Make an exact copy of all the data, pictures excluded.
---- Data provided
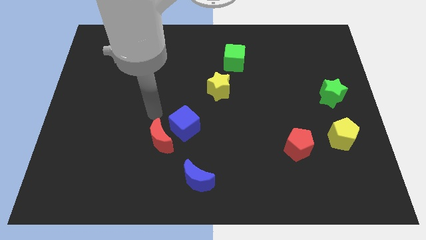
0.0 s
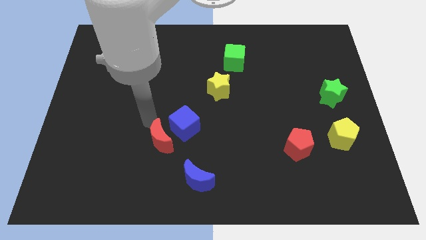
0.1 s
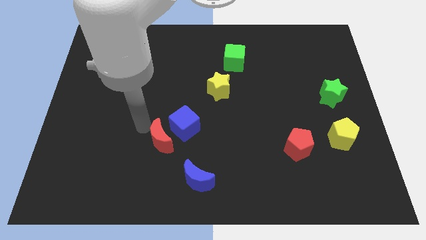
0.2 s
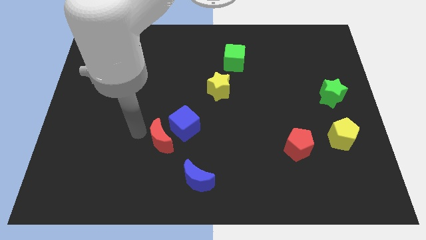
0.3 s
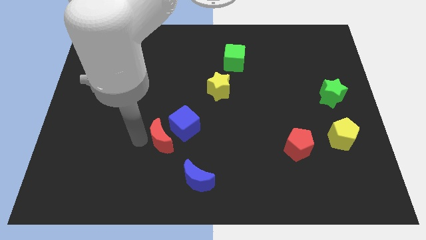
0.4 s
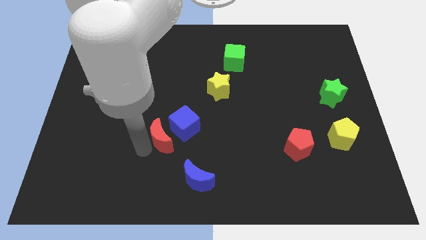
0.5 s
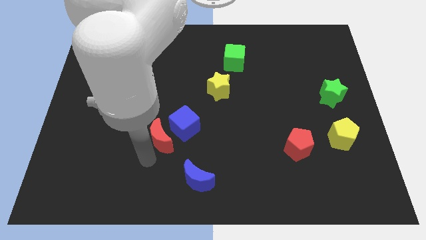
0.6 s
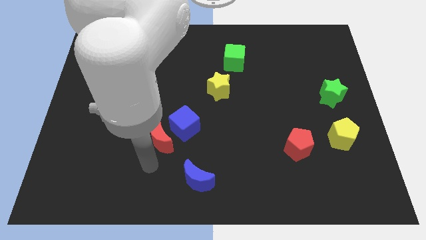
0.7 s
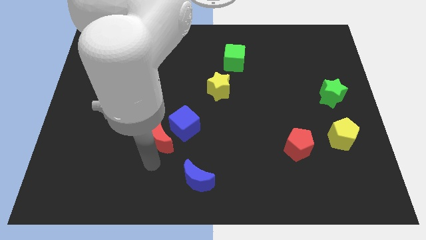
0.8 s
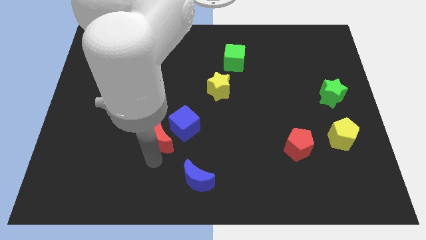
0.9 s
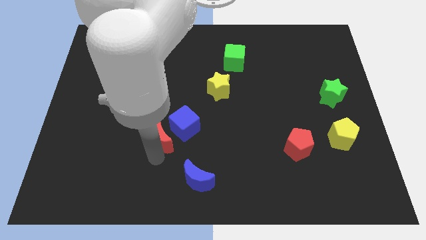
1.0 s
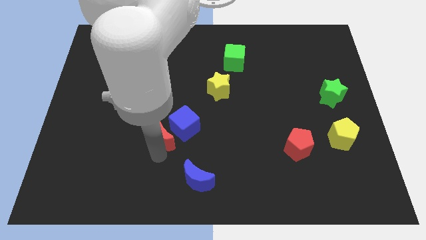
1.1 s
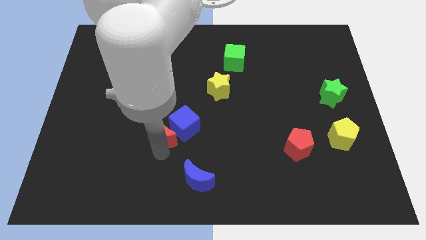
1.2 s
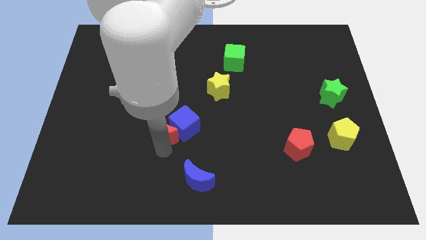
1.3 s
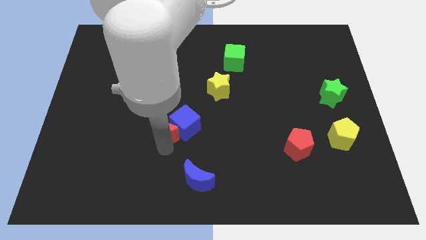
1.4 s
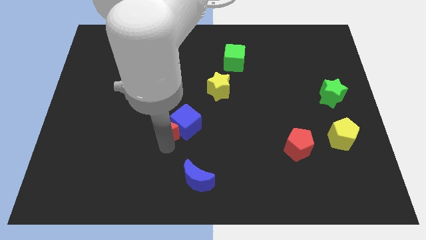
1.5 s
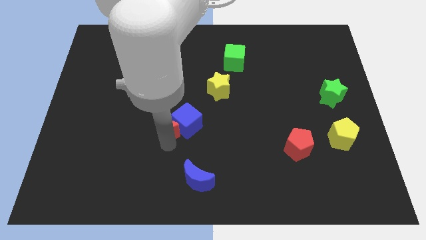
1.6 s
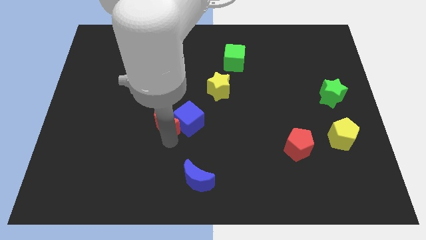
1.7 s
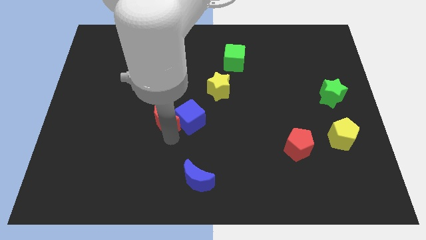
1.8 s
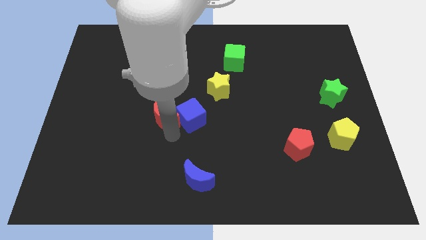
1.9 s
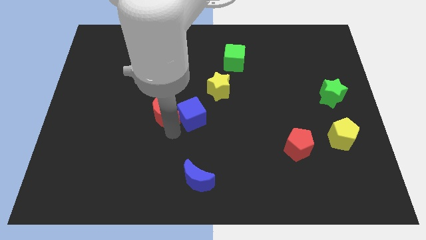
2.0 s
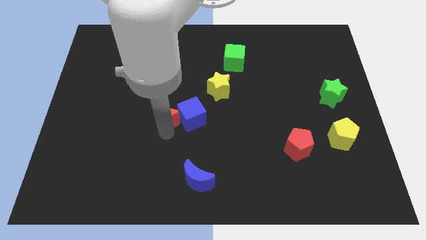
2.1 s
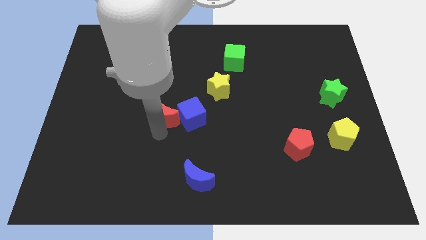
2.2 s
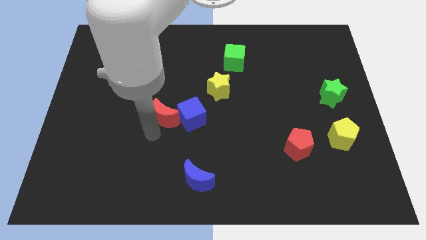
--------
**Written response:**
0.0 s
0.1 s
0.2 s
0.3 s
0.4 s
0.5 s
0.6 s
0.7 s
0.8 s
0.9 s
1.0 s
1.1 s
1.2 s
1.3 s
1.4 s
1.5 s
1.6 s
1.7 s
1.8 s
1.9 s
2.0 s
2.1 s
2.2 s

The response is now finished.